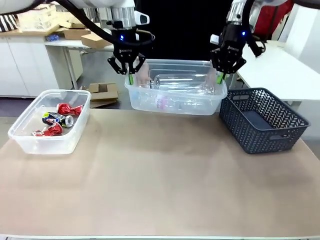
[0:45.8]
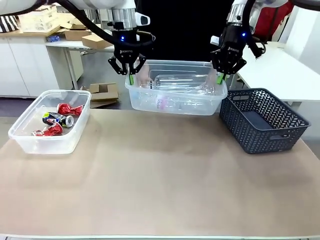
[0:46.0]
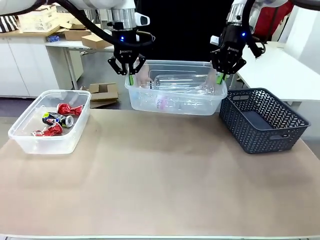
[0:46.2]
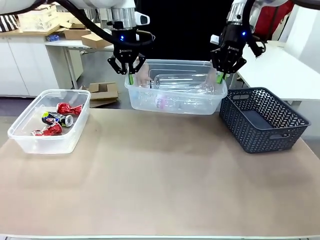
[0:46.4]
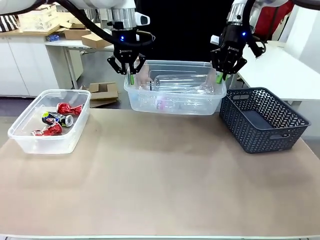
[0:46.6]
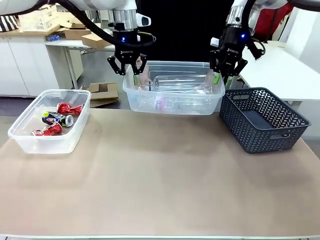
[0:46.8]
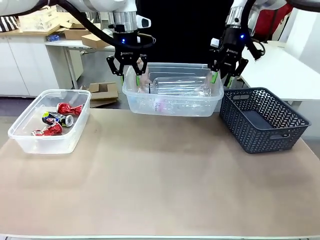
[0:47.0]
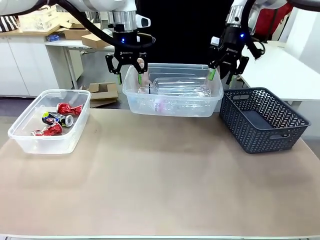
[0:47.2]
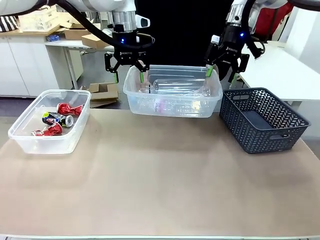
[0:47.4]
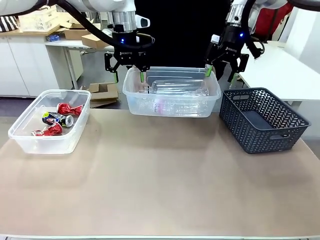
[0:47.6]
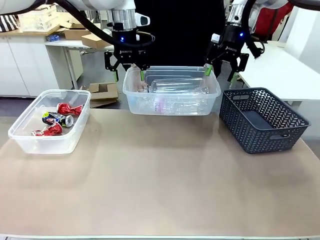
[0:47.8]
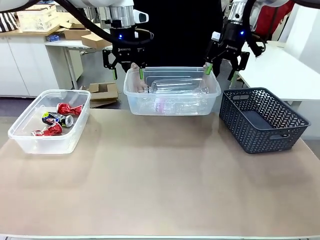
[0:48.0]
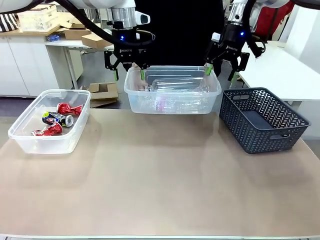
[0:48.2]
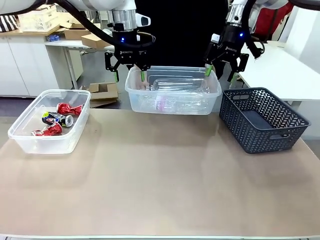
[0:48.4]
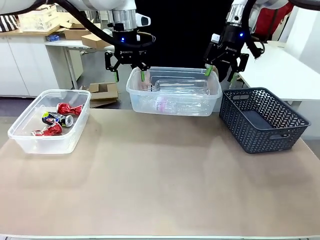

• What to do:
Print the listing exactly, but skip its pictures.

• Expected answer:
[0:45.8]
[0:46.0]
[0:46.2]
[0:46.4]
[0:46.6]
[0:46.8]
[0:47.0]
[0:47.2]
[0:47.4]
[0:47.6]
[0:47.8]
[0:48.0]
[0:48.2]
[0:48.4]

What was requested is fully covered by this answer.